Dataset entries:
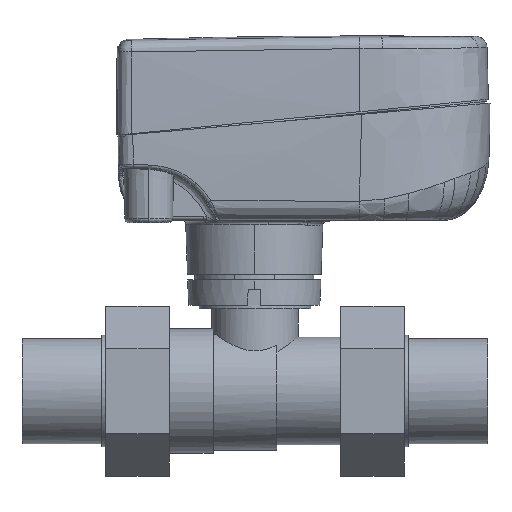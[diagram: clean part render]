
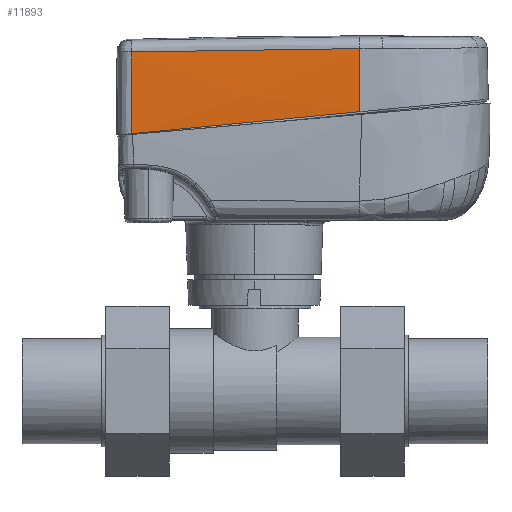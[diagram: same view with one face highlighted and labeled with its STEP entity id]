
A CAD part, front view. The second image highlights one B-rep face of the part: STEP entity #11893.
In plain terms, the highlighted free-form (B-spline) face has degree [2, 3] with [3, 4] control points.
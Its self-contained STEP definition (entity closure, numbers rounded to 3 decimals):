
#10576=CARTESIAN_POINT('Vertex',(26.362,-26.68,70.149)) ;
#10580=CARTESIAN_POINT('Control Point',(26.362,-26.68,70.149)) ;
#10581=CARTESIAN_POINT('Control Point',(14.884,-26.756,69.044)) ;
#10582=CARTESIAN_POINT('Control Point',(3.407,-26.755,67.939)) ;
#10583=CARTESIAN_POINT('Control Point',(-8.072,-26.679,66.834)) ;
#10584=CARTESIAN_POINT('Control Point',(-19.549,-26.527,65.729)) ;
#10585=CARTESIAN_POINT('Control Point',(-31.024,-26.3,64.625)) ;
#10586=CARTESIAN_POINT('Vertex',(-31.024,-26.3,64.625)) ;
#11834=CARTESIAN_POINT('Vertex',(26.352,-26.362,85.995)) ;
#11838=CARTESIAN_POINT('Control Point',(26.352,-26.362,85.995)) ;
#11839=CARTESIAN_POINT('Control Point',(26.357,-26.384,85.342)) ;
#11840=CARTESIAN_POINT('Control Point',(26.373,-26.455,83.09)) ;
#11841=CARTESIAN_POINT('Control Point',(26.388,-26.555,79.239)) ;
#11842=CARTESIAN_POINT('Control Point',(26.386,-26.638,74.611)) ;
#11843=CARTESIAN_POINT('Control Point',(26.371,-26.67,71.581)) ;
#11844=CARTESIAN_POINT('Control Point',(26.362,-26.68,70.149)) ;
#11861=CARTESIAN_POINT('Control Point',(64.168,-26.116,72.762)) ;
#11862=CARTESIAN_POINT('Control Point',(64.088,-26.017,82.026)) ;
#11863=CARTESIAN_POINT('Control Point',(64.007,-25.704,91.286)) ;
#11864=CARTESIAN_POINT('Control Point',(63.926,-25.179,100.537)) ;
#11865=CARTESIAN_POINT('Control Point',(11.911,-27.359,67.726)) ;
#11866=CARTESIAN_POINT('Control Point',(11.83,-27.33,77.01)) ;
#11867=CARTESIAN_POINT('Control Point',(11.75,-27.088,86.29)) ;
#11868=CARTESIAN_POINT('Control Point',(11.669,-26.632,95.563)) ;
#11869=CARTESIAN_POINT('Control Point',(-40.346,-26.091,62.699)) ;
#11870=CARTESIAN_POINT('Control Point',(-40.427,-26.132,71.964)) ;
#11871=CARTESIAN_POINT('Control Point',(-40.508,-25.961,81.227)) ;
#11872=CARTESIAN_POINT('Control Point',(-40.588,-25.575,90.483)) ;
#11874=CARTESIAN_POINT('Control Point',(-30.923,-25.985,85.154)) ;
#11875=CARTESIAN_POINT('Control Point',(-11.827,-26.348,85.668)) ;
#11876=CARTESIAN_POINT('Control Point',(7.267,-26.473,85.948)) ;
#11877=CARTESIAN_POINT('Control Point',(26.352,-26.362,85.995)) ;
#11878=CARTESIAN_POINT('Vertex',(-30.923,-25.985,85.154)) ;
#11882=CARTESIAN_POINT('Control Point',(-31.024,-26.3,64.625)) ;
#11883=CARTESIAN_POINT('Control Point',(-31.077,-26.31,71.465)) ;
#11884=CARTESIAN_POINT('Control Point',(-31.043,-26.205,78.31)) ;
#11885=CARTESIAN_POINT('Control Point',(-30.923,-25.985,85.154)) ;
#10588=EDGE_CURVE('',#10577,#10587,#10579,.T.) ;
#11845=EDGE_CURVE('',#11835,#10577,#11837,.T.) ;
#11880=EDGE_CURVE('',#11879,#11835,#11873,.T.) ;
#11886=EDGE_CURVE('',#10587,#11879,#11881,.T.) ;
#11888=ORIENTED_EDGE('',*,*,#10588,.F.) ;
#11889=ORIENTED_EDGE('',*,*,#11845,.F.) ;
#11890=ORIENTED_EDGE('',*,*,#11880,.F.) ;
#11891=ORIENTED_EDGE('',*,*,#11886,.F.) ;
#11887=EDGE_LOOP('',(#11888,#11889,#11890,#11891)) ;
#10577=VERTEX_POINT('',#10576) ;
#10587=VERTEX_POINT('',#10586) ;
#11835=VERTEX_POINT('',#11834) ;
#11879=VERTEX_POINT('',#11878) ;
#11893=ADVANCED_FACE('Solid1',(#11892),#11860,.F.) ;
#10579=B_SPLINE_CURVE_WITH_KNOTS('',5,(#10580,#10581,#10582,#10583,#10584,#10585),.UNSPECIFIED.,.F.,.U.,(6,6),(0.,81.536),.UNSPECIFIED.) ;
#11837=B_SPLINE_CURVE_WITH_KNOTS('',3,(#11838,#11839,#11840,#11841,#11842,#11843,#11844),.UNSPECIFIED.,.F.,.U.,(4,1,1,1,4),(2.551,4.317,8.633,12.95,16.815),.UNSPECIFIED.) ;
#11873=B_SPLINE_CURVE_WITH_KNOTS('',3,(#11874,#11875,#11876,#11877),.UNSPECIFIED.,.F.,.U.,(4,4),(0.,81.314),.UNSPECIFIED.) ;
#11881=B_SPLINE_CURVE_WITH_KNOTS('',3,(#11882,#11883,#11884,#11885),.UNSPECIFIED.,.F.,.U.,(4,4),(0.,29.028),.UNSPECIFIED.) ;
#11892=FACE_OUTER_BOUND('',#11887,.T.) ;
#11860=(BOUNDED_SURFACE()B_SPLINE_SURFACE(2,3,((#11861,#11862,#11863,#11864),(#11865,#11866,#11867,#11868),(#11869,#11870,#11871,#11872)),.UNSPECIFIED.,.F.,.F.,.U.)B_SPLINE_SURFACE_WITH_KNOTS((3,3),(4,4),(-0.065,104.963),(-0.02,27.795),.UNSPECIFIED.)GEOMETRIC_REPRESENTATION_ITEM()RATIONAL_B_SPLINE_SURFACE(((1.,1.,1.,1.),(1.,1.,1.,1.),(1.,1.,1.,1.)))REPRESENTATION_ITEM('Rational BSpline Surface')SURFACE()) ;
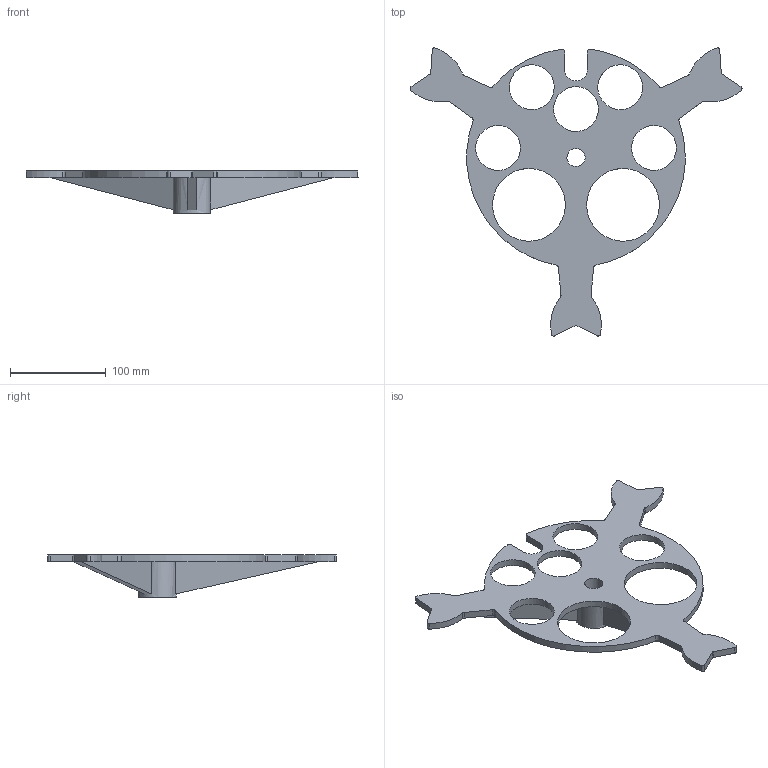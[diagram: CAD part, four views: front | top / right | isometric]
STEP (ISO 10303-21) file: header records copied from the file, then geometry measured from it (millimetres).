
FILE_DESCRIPTION(('FreeCAD Model'),'2;1');
FILE_NAME('Open CASCADE Shape Model','2025-05-03T22:41:11',('FreeCAD'),( 'FreeCAD'),'Open CASCADE STEP processor 7.6','FreeCAD','Unknown');
FILE_SCHEMA(('AUTOMOTIVE_DESIGN { 1 0 10303 214 1 1 1 1 }'));
Length unit declared in the file: millimetre
Products named in the file (1): Open CASCADE STEP translator 7.6 1
Bounding box: 346.64 x 300.83 x 43.91 mm (x, y, z)
Volume: 320208.3 mm3; surface area: 100562.4 mm2
Topology: 1 solids, 1 shells, 70 faces, 199 edges, 132 vertices
Faces by surface type: bspline 70
Entity records: 2297 total; most frequent: CARTESIAN_POINT 1173, ORIENTED_EDGE 398, EDGE_CURVE 199, VERTEX_POINT 132, B_SPLINE_CURVE_WITH_KNOTS 107, FACE_BOUND 87, EDGE_LOOP 87, ADVANCED_FACE 70
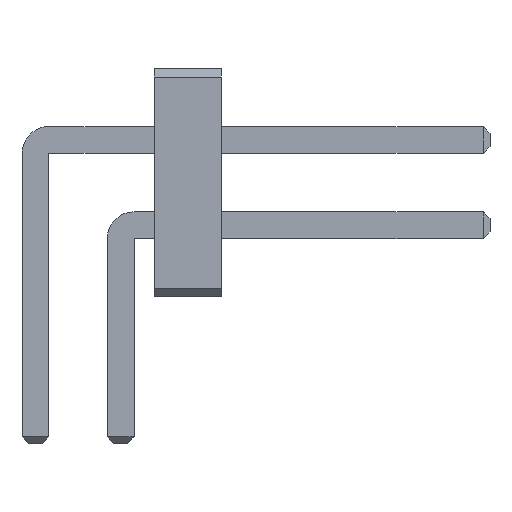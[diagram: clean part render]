
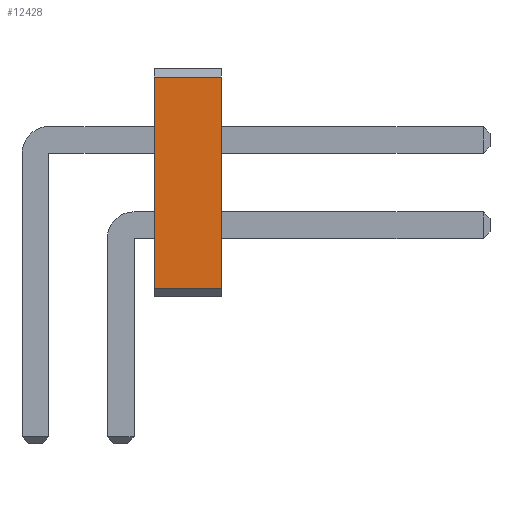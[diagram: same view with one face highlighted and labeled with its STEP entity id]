
A CAD part, front view. The second image highlights one B-rep face of the part: STEP entity #12428.
In plain terms, the highlighted planar face has unit normal (0, -1, 0).
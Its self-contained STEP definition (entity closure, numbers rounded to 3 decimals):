
#1006 = VERTEX_POINT('',#1007);
#1007 = CARTESIAN_POINT('',(1.77,-46.355,3.273));
#1013 = EDGE_CURVE('',#1014,#1006,#1016,.T.);
#1014 = VERTEX_POINT('',#1015);
#1015 = CARTESIAN_POINT('',(1.77,-46.355,0.127));
#1016 = LINE('',#1017,#1018);
#1017 = CARTESIAN_POINT('',(1.77,-46.355,0.127));
#1018 = VECTOR('',#1019,1.);
#1019 = DIRECTION('',(0.,0.,1.));
#5299 = VERTEX_POINT('',#5300);
#5300 = CARTESIAN_POINT('',(2.77,-46.355,3.273));
#5306 = EDGE_CURVE('',#5307,#5299,#5309,.T.);
#5307 = VERTEX_POINT('',#5308);
#5308 = CARTESIAN_POINT('',(2.77,-46.355,0.127));
#5309 = LINE('',#5310,#5311);
#5310 = CARTESIAN_POINT('',(2.77,-46.355,0.127));
#5311 = VECTOR('',#5312,1.);
#5312 = DIRECTION('',(0.,0.,1.));
#12400 = EDGE_CURVE('',#1014,#5307,#12401,.T.);
#12401 = LINE('',#12402,#12403);
#12402 = CARTESIAN_POINT('',(1.77,-46.355,0.127));
#12403 = VECTOR('',#12404,1.);
#12404 = DIRECTION('',(1.,0.,0.));
#12428 = ADVANCED_FACE('',(#12429),#12440,.T.);
#12429 = FACE_BOUND('',#12430,.T.);
#12430 = EDGE_LOOP('',(#12431,#12432,#12433,#12439));
#12431 = ORIENTED_EDGE('',*,*,#12400,.T.);
#12432 = ORIENTED_EDGE('',*,*,#5306,.T.);
#12433 = ORIENTED_EDGE('',*,*,#12434,.F.);
#12434 = EDGE_CURVE('',#1006,#5299,#12435,.T.);
#12435 = LINE('',#12436,#12437);
#12436 = CARTESIAN_POINT('',(1.77,-46.355,3.273));
#12437 = VECTOR('',#12438,1.);
#12438 = DIRECTION('',(1.,0.,0.));
#12439 = ORIENTED_EDGE('',*,*,#1013,.F.);
#12440 = PLANE('',#12441);
#12441 = AXIS2_PLACEMENT_3D('',#12442,#12443,#12444);
#12442 = CARTESIAN_POINT('',(1.77,-46.355,0.127));
#12443 = DIRECTION('',(0.,-1.,0.));
#12444 = DIRECTION('',(0.,0.,1.));

ACTIVITY
Return only the lines running from the line with "#12441 = AXIS2_PLACEMENT_3D('',#12442,#12443,#12444);" to the last line of the records, both included, exactly as written.

OUTPUT OF THE TASK
#12441 = AXIS2_PLACEMENT_3D('',#12442,#12443,#12444);
#12442 = CARTESIAN_POINT('',(1.77,-46.355,0.127));
#12443 = DIRECTION('',(0.,-1.,0.));
#12444 = DIRECTION('',(0.,0.,1.));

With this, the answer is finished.